Edge AI Studio With Radar User Guide
Table of Contents
⚠️ Tools Compatibility
The user guide below is intended for use with Edge AI Studio’s Model Composer. Although the tool is PyTorch based, for direct interaction with training and compilation source files we recommend the use of the Jupyter Notebook version instead. The current example demos are only compatible with the IWRL6432BOOST evaluation module.
Overview
Machine learning (ML) can provide a more reliable and accurate classification for mmWave radar sensors, moving its capability for identification of objects closer to that of more expensive vision systems. This guide demonstrates the use Edge AI Studio in order to import data sets, define and train a model, compile a model optimized for TI mmWave Radar, and visualize the classification inferences in real-time.
This guide will focus on the Surface Classification Model Composer Extension to contextualize Model Composer’s use.
Why Use This Tool
The Model Composer tool can be used via downloading and installing Edge AI Studio, or by usage of Model Composer’s cloud version in TI’s Developer Zone.
The Radar Extension for Model Composer can be broken up into two parts
- The front-end GUI on your local system or cloud server
- The back-end PyTorch engine that handles API calls from the front end
Beginners can use the front-end GUI to familiarize themselves with Radar example projects. This can include Radar dataset visualization, radar model definition, radar model compilation, and more.

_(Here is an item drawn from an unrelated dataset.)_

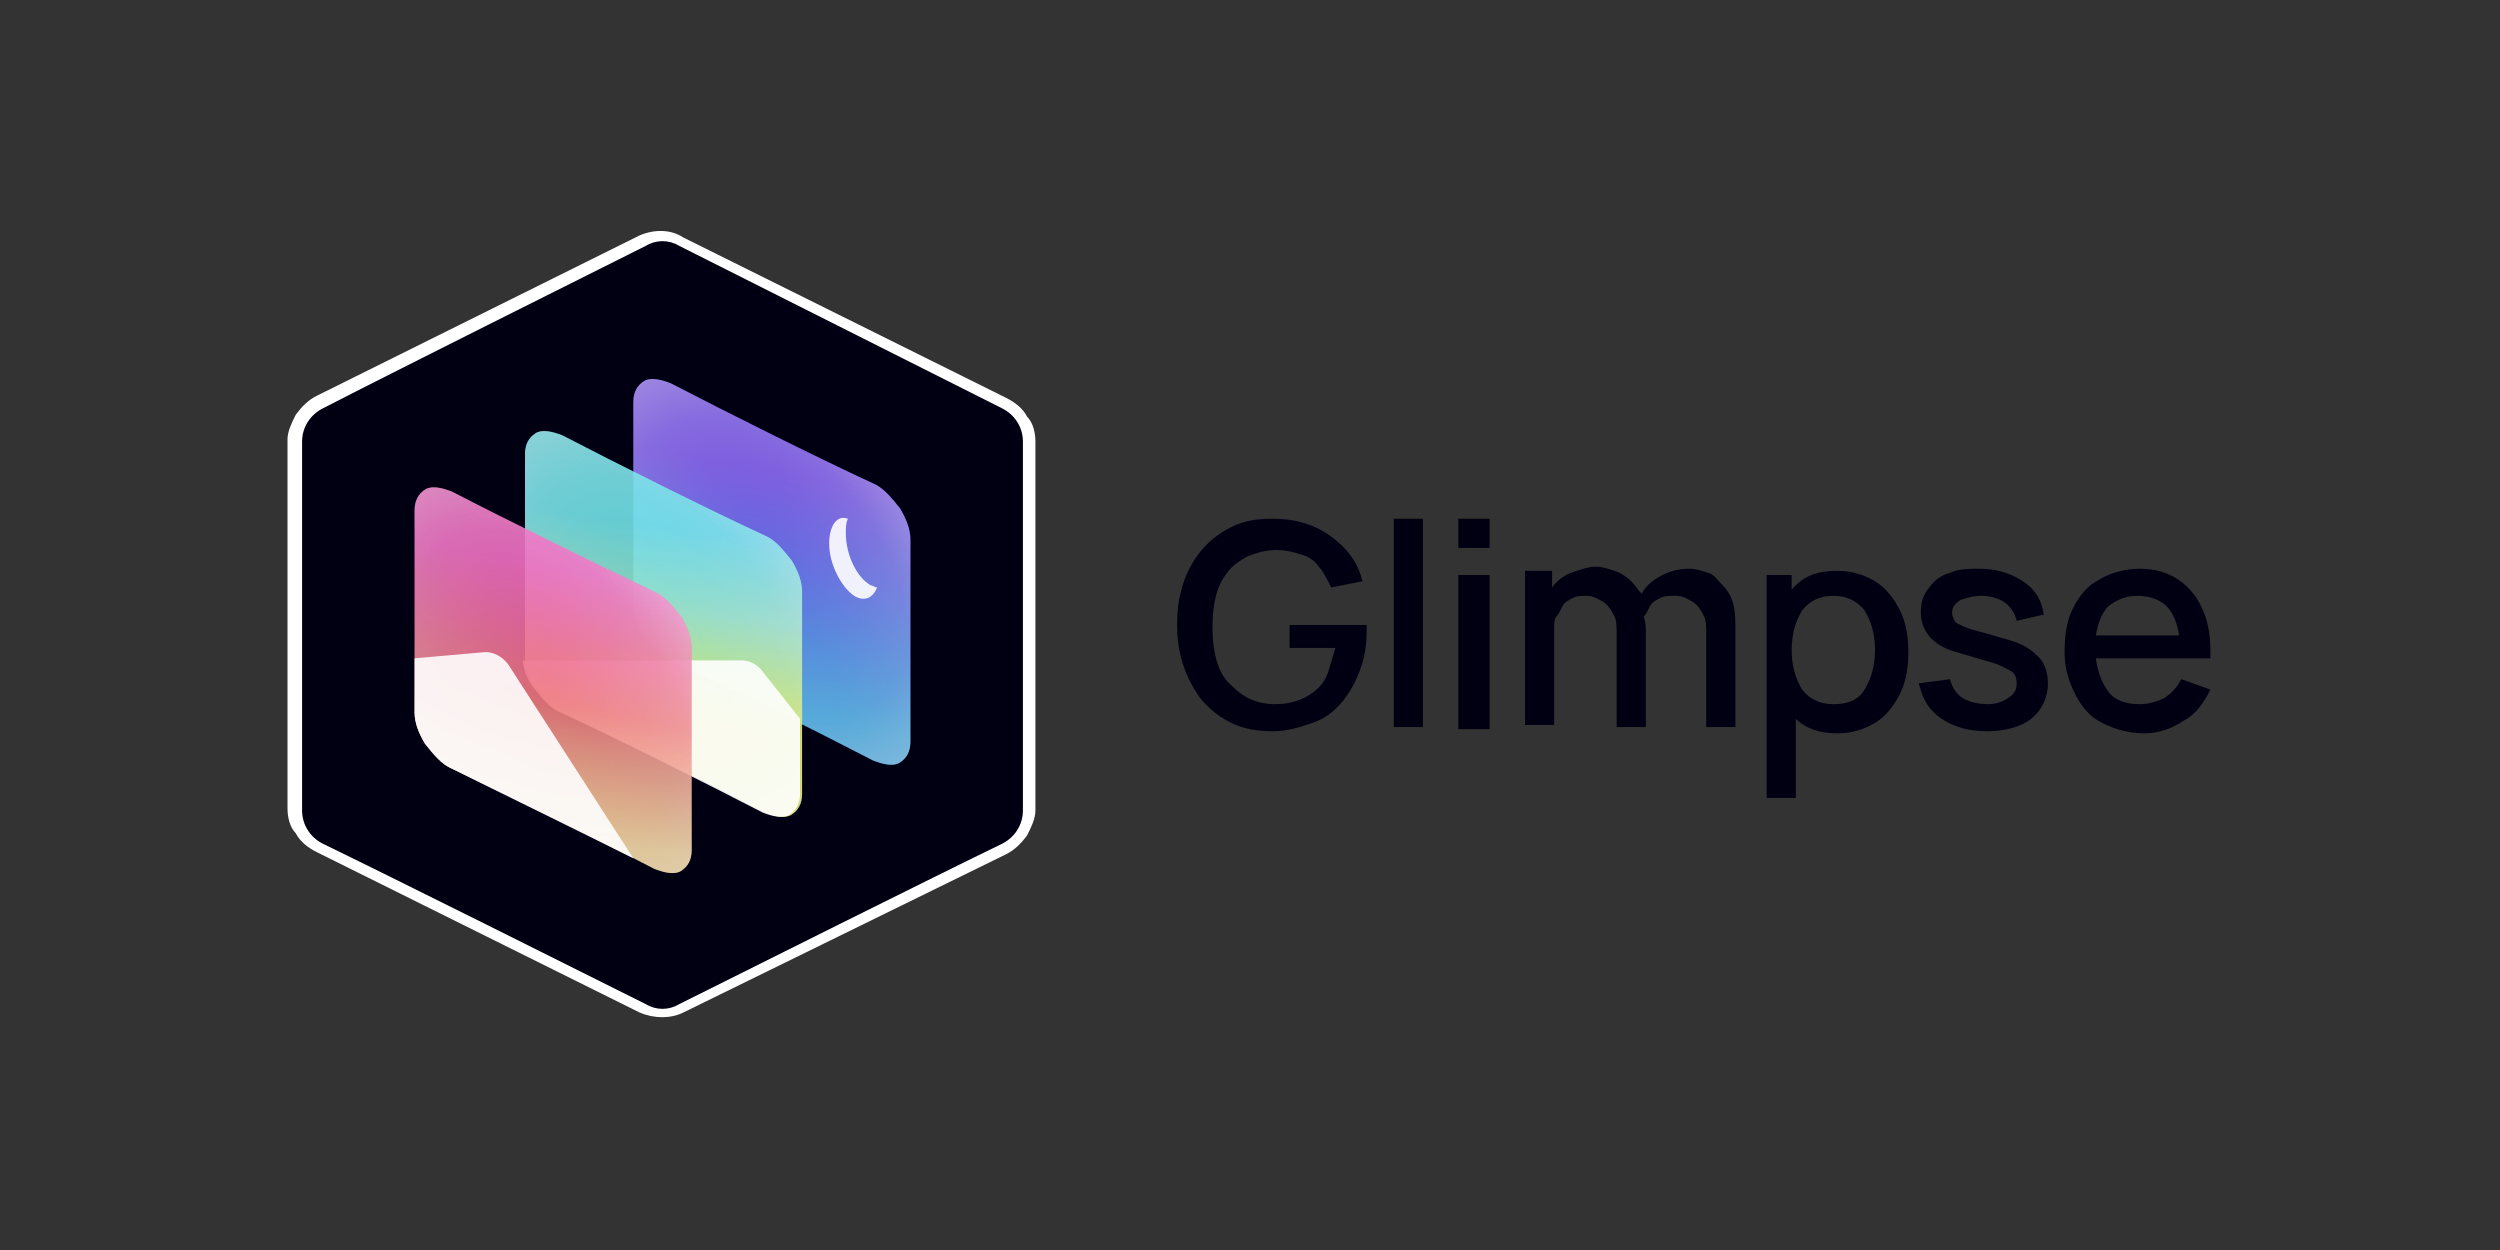 <svg version="1.1" id="Layer_1" xmlns="http://www.w3.org/2000/svg" x="0" y="0" width="120" height="60" xml:space="preserve"><rect width="100%" height="100%" fill="#333333" stroke="none"/><style>.st1{fill-rule:evenodd;clip-rule:evenodd;fill:#fff}.st3{opacity:.9}.st9{opacity:.897;fill-rule:evenodd;clip-rule:evenodd;fill:#fff;enable-background:new}</style><switch><g><path id="text" d="M65.6 29.8v.5c0 .6-.1 1.3-.3 1.8-.2.6-.5 1.1-.8 1.5-.4.5-.9.9-1.5 1.1-.6.2-1.2.4-1.9.4s-1.4-.1-2-.4c-.6-.3-1.1-.7-1.5-1.2-.7-1-1.1-2.1-1.1-3.5 0-1.5.4-2.6 1.1-3.5.4-.5.9-.9 1.5-1.2.6-.3 1.2-.4 2-.4 1.3 0 2.3.4 3.1 1.1.6.5 1 1.1 1.2 1.9l-1.5.3c-.2-.4-.4-.8-.6-1-.2-.3-.5-.5-.9-.6-.3-.1-.7-.2-1.1-.2-.5 0-.9.1-1.4.3-.4.2-.8.5-1 .8-.5.6-.7 1.5-.7 2.6s.2 2 .7 2.6c.3.3.6.6 1 .8.4.2.8.3 1.3.3.9 0 1.6-.3 2.1-.8.2-.2.4-.5.5-.9.1-.3.2-.7.3-1h-2.2V30h3.7zm2.7 5.1h-1.4v-10h1.4v10zm3.2-10v1.4H70v-1.4h1.5zm0 2.7V35H70v-7.4h1.5zm11.1.4c.3.3.5.6.6 1 .1.4.1.8.1 1.4v4.5h-1.4v-4.4c0-.4 0-.7-.1-.9-.1-.2-.2-.4-.4-.6-.1-.1-.3-.2-.5-.3-.2-.1-.4-.1-.6-.1-.2 0-.4 0-.6.1-.2.1-.4.2-.5.4-.1.2-.2.4-.3.5.1.3.1.5.1.7v4.6h-1.4v-4.4c0-.4 0-.7-.1-.9-.1-.2-.2-.4-.4-.6-.1-.1-.3-.2-.5-.3-.2-.1-.4-.1-.5-.1-.2 0-.4 0-.6.1-.2.1-.4.2-.5.4-.1.2-.2.4-.3.5s-.1.4-.1.6v4.6h-1.4v-7.4h1.3v.8c.2-.3.6-.6.9-.7s.8-.3 1.2-.3c.3 0 .6.1.9.2s.6.3.8.5c.2.2.3.4.5.6.2-.4.6-.7 1-.9.4-.2.8-.3 1.3-.3.3 0 .6.1.9.2s.4.3.6.5zm5.6-.6c.7 0 1.3.2 1.8.5s.9.8 1.2 1.4c.3.6.4 1.3.4 2s-.1 1.4-.4 2c-.3.6-.7 1.1-1.2 1.4-.5.3-1.1.5-1.8.5-.8 0-1.5-.2-2-.7v3.8h-1.4V27.6H86v.7c.6-.7 1.3-.9 2.2-.9zm-.2 6.4c.7 0 1.2-.2 1.5-.7.3-.5.5-1.1.5-1.9 0-.8-.2-1.4-.5-1.9-.4-.5-.9-.7-1.5-.7s-1.1.2-1.5.7c-.3.5-.5 1.1-.5 1.9 0 .8.2 1.4.5 1.9.4.5.9.7 1.5.7zm8.8-4c-.1-.4-.3-.7-.6-.9-.3-.2-.7-.3-1.1-.3-.4 0-.7.1-1 .2-.3.2-.4.4-.4.6 0 .2.1.4.2.5.2.1.4.2.7.3.3.1.8.2 1.4.4.8.2 1.3.4 1.7.8.4.3.6.8.6 1.4 0 .7-.3 1.3-.8 1.7-.5.4-1.3.6-2.1.6-.9 0-1.6-.2-2.2-.6-.6-.4-.9-.9-1.1-1.7l1.5-.2c.1.4.3.7.6.9.3.2.8.3 1.2.3.4 0 .7-.1 1-.3s.4-.4.4-.7c0-.3-.1-.5-.3-.6-.2-.1-.5-.3-.9-.4l-1.7-.5c-1.1-.3-1.7-1-1.7-1.9 0-.5.1-.8.4-1.2s.6-.6 1-.7c.4-.2.9-.2 1.4-.2.8 0 1.5.2 2.1.6.6.4.9.9 1 1.6l-1.3.3zm3.8 1.8c.1.7.3 1.2.6 1.6s.8.6 1.5.6c.4 0 .8-.1 1.2-.3.3-.2.6-.5.8-.9l1.4.5c-.3.6-.7 1.2-1.3 1.5-.6.4-1.2.6-1.9.6s-1.4-.2-2-.5c-.6-.3-1-.8-1.3-1.4-.3-.6-.5-1.2-.5-2s.1-1.5.4-2.1c.3-.6.7-1.1 1.3-1.4.5-.3 1.2-.5 1.9-.5 1.1 0 1.9.4 2.5 1.1.6.7.9 1.7.9 2.8v.4h-5.5zm2-3c-.6 0-1 .2-1.4.5-.3.3-.5.8-.6 1.4h4c-.1-.6-.3-1.1-.6-1.4s-.8-.5-1.4-.5z" fill="#000012"/><g id="logo" transform="translate(14)"><path id="hexagon_outline" class="st1" d="M16.7 11.3L1.2 19c-.4.2-.7.5-1 .9-.2.4-.4.8-.4 1.2v17.7c0 .4.1.9.4 1.2.2.4.6.7 1 .9l15.5 7.7c.7.3 1.5.3 2.1 0L34.3 41c.4-.2.7-.5 1-.9.2-.4.4-.8.4-1.2V21.2c0-.4-.1-.9-.4-1.2-.2-.4-.6-.7-1-.9l-15.5-7.7c-.6-.4-1.4-.4-2.1-.1z"/><path id="hexagon" d="M18.6 11.8c-.5-.3-1.1-.3-1.6 0-2.8 1.4-12.4 6.2-15.5 7.8-.6.3-1 .9-1 1.6v17.7c0 .7.4 1.3 1 1.6C4.6 42 14.2 46.8 17 48.2c.5.3 1.1.3 1.6 0 2.8-1.4 12.4-6.2 15.5-7.7.6-.3 1-.9 1-1.6V21.2c0-.7-.4-1.3-1-1.6-3.2-1.6-12.7-6.4-15.5-7.8z" fill-rule="evenodd" clip-rule="evenodd" fill="#000012"/><g id="_logo_src" transform="translate(80 96)"><g id="root"><g id="frame_back" class="st3"><linearGradient id="path-3_2_" gradientUnits="userSpaceOnUse" x1="157.467" y1="556.741" x2="157.461" y2="556.695" gradientTransform="matrix(179 0 0 -250 -28243 139110.984)"><stop offset="0" stop-color="#7e56f7"/><stop offset=".445" stop-color="#677cf6"/><stop offset="1" stop-color="#3db0f0"/></linearGradient><path id="path-3" d="M-63.6-76.7c0-.5.2-.8.5-1 .3-.2.8-.1 1.3.1 2.5 1.3 7.1 3.6 9.7 4.8.5.2.9.7 1.3 1.2.3.5.5 1 .5 1.5v9.7c0 .5-.2.8-.5 1-.3.2-.8.1-1.3-.1-2.5-1.3-7.1-3.6-9.7-4.8-.5-.2-.9-.7-1.3-1.2-.3-.5-.5-1-.5-1.5v-9.7z" fill-rule="evenodd" clip-rule="evenodd" fill="url(#path-3_2_)"/><g><radialGradient id="path-3_4_" cx="158.215" cy="557.792" r=".051" gradientTransform="matrix(142.717 -108.041 -174.63 -230.679 74769.938 145694.75)" gradientUnits="userSpaceOnUse"><stop offset="0" stop-color="#d2d3e0" stop-opacity="0"/><stop offset=".427" stop-color="#e2e3ec" stop-opacity=".245"/><stop offset=".587" stop-color="#e7e7ef" stop-opacity=".362"/><stop offset="1" stop-color="#fff"/></radialGradient><path id="path-3_1_" d="M-63.6-76.7c0-.5.2-.8.5-1 .3-.2.8-.1 1.3.1 2.5 1.3 7.1 3.6 9.7 4.8.5.2.9.7 1.3 1.2.3.5.5 1 .5 1.5v9.7c0 .5-.2.8-.5 1-.3.2-.8.1-1.3-.1-2.5-1.3-7.1-3.6-9.7-4.8-.5-.2-.9-.7-1.3-1.2-.3-.5-.5-1-.5-1.5v-9.7z" fill-rule="evenodd" clip-rule="evenodd" fill="url(#path-3_4_)" fill-opacity=".6"/></g></g><g id="pic_x2F_moon" transform="translate(270 90)" opacity=".897"><path id="moon" class="st1" d="M-324.2-159.9c0-.9.4-1.4.9-1.2-.1.2-.1.4-.1.7 0 1 .5 2.1 1.2 2.5.1 0 .2.1.3.1-.2.5-.6.7-1.1.4-.6-.4-1.2-1.5-1.2-2.5z"/></g><g id="frame_mid" class="st3"><linearGradient id="path-5_2_" gradientUnits="userSpaceOnUse" x1="157.834" y1="556.871" x2="157.83" y2="556.832" gradientTransform="matrix(179 0 0 -250 -28314 139145.984)"><stop offset="0" stop-color="#5ee2e7"/><stop offset=".415" stop-color="#99e7c4"/><stop offset="1" stop-color="#e6ed43"/></linearGradient><path id="path-5" d="M-68.8-74.2c0-.5.2-.8.5-1 .3-.2.8-.1 1.3.1 2.5 1.3 7.1 3.6 9.7 4.8.5.2.9.7 1.3 1.2.3.5.5 1 .5 1.5v9.7c0 .5-.2.8-.5 1-.3.2-.8.1-1.3-.1-2.5-1.3-7.1-3.6-9.7-4.8-.5-.2-.9-.7-1.3-1.2-.3-.5-.5-1-.5-1.5v-9.7z" fill-rule="evenodd" clip-rule="evenodd" fill="url(#path-5_2_)"/><g><radialGradient id="path-5_4_" cx="158.617" cy="557.744" r=".051" gradientTransform="matrix(142.717 -108.041 -174.63 -230.679 74698.938 145729.734)" gradientUnits="userSpaceOnUse"><stop offset="0" stop-color="#d2d3e0" stop-opacity="0"/><stop offset=".427" stop-color="#e2e3ec" stop-opacity=".245"/><stop offset=".587" stop-color="#e7e7ef" stop-opacity=".362"/><stop offset="1" stop-color="#fff"/></radialGradient><path id="path-5_1_" d="M-68.8-74.2c0-.5.2-.8.5-1 .3-.2.8-.1 1.3.1 2.5 1.3 7.1 3.6 9.7 4.8.5.2.9.7 1.3 1.2.3.5.5 1 .5 1.5v9.7c0 .5-.2.8-.5 1-.3.2-.8.1-1.3-.1-2.5-1.3-7.1-3.6-9.7-4.8-.5-.2-.9-.7-1.3-1.2-.3-.5-.5-1-.5-1.5v-9.7z" fill-rule="evenodd" clip-rule="evenodd" fill="url(#path-5_4_)" fill-opacity=".6"/></g></g><path id="picture_mid" class="st9" d="M-58.4-64.3c.4 0 .7.2.9.4l1.9 2.4v3.6c0 .5-.2.8-.5 1-.3.2-.8.1-1.3-.1-2.5-1.3-7.1-3.6-9.7-4.8-.5-.2-.9-.7-1.3-1.2-.3-.4-.5-.9-.5-1.3h10.5z"/><g id="frame_front" class="st3"><linearGradient id="path-7_2_" gradientUnits="userSpaceOnUse" x1="158.207" y1="557.007" x2="158.2" y2="556.955" gradientTransform="matrix(179 0 0 -250 -28386 139181.984)"><stop offset="0" stop-color="#f458ba"/><stop offset=".515" stop-color="#ee767a"/><stop offset="1" stop-color="#fad58a"/></linearGradient><path id="path-7" d="M-74.1-71.5c0-.5.2-.8.5-1 .3-.2.8-.1 1.3.1 2.5 1.3 7.2 3.6 9.7 4.8.5.2.9.7 1.3 1.2.3.5.5 1 .5 1.5v9.7c0 .5-.2.8-.5 1-.3.2-.8.1-1.3-.1-2.5-1.3-7.2-3.6-9.7-4.8-.5-.2-.9-.7-1.3-1.2-.3-.5-.5-1-.5-1.5v-9.7z" fill-rule="evenodd" clip-rule="evenodd" fill="url(#path-7_2_)"/><g><radialGradient id="path-7_4_" cx="159.026" cy="557.697" r=".051" gradientTransform="matrix(142.717 -108.041 -174.63 -230.679 74626.938 145765.734)" gradientUnits="userSpaceOnUse"><stop offset="0" stop-color="#d2d3e0" stop-opacity="0"/><stop offset=".427" stop-color="#e2e3ec" stop-opacity=".245"/><stop offset=".587" stop-color="#e7e7ef" stop-opacity=".362"/><stop offset="1" stop-color="#fff"/></radialGradient><path id="path-7_1_" d="M-74.1-71.5c0-.5.2-.8.5-1 .3-.2.8-.1 1.3.1 2.5 1.3 7.2 3.6 9.7 4.8.5.2.9.7 1.3 1.2.3.5.5 1 .5 1.5v9.7c0 .5-.2.8-.5 1-.3.2-.8.1-1.3-.1-2.5-1.3-7.2-3.6-9.7-4.8-.5-.2-.9-.7-1.3-1.2-.3-.5-.5-1-.5-1.5v-9.7z" fill-rule="evenodd" clip-rule="evenodd" fill="url(#path-7_4_)" fill-opacity=".6"/></g></g><path id="picture_front" class="st9" d="M-69.6-64.1l6 9.3c-2.6-1.3-6.5-3.2-8.7-4.3-.5-.2-.9-.7-1.3-1.2-.3-.5-.5-1-.5-1.5v-2.6l3.4-.3c.4 0 .8.2 1.1.6z"/></g></g></g></g></switch></svg>

Intermediate users comfortable with the Radar and machine learning flow can begin interacting directly with the back-end. The training, compiling, and evaluating steps are not restricted to what is provided, and users can change out each individual step with your own methodology as desired.
With this format, all users can find significant use from this tool. From beginners to the concepts of Radar and machine learning, to the experts at both but need extra automation or integration tips in order to deploy the model to a TI mmWave firmware project.
Software Requirements
Model Composer
This is the list of requirements for working with only the Model Composer GUI, perfect for evaluation with example datasets and models.
| Tool | Version | Details |
|---|---|---|
| TI Radar Toolbox | Latest | Radar toolbox should be downloaded to access the demo’s source code and related collateral. Download Instructions in the readme file. |
| Model Composer | 1.4 | Either Desktop Version or Cloud Version |
| CCSTUDIO | 20.x + | Code Composer Studio Tool Page |
Back End Source
This is the list of requirements for working with the PyTorch backend, allowing every step of the process to be changed as desired.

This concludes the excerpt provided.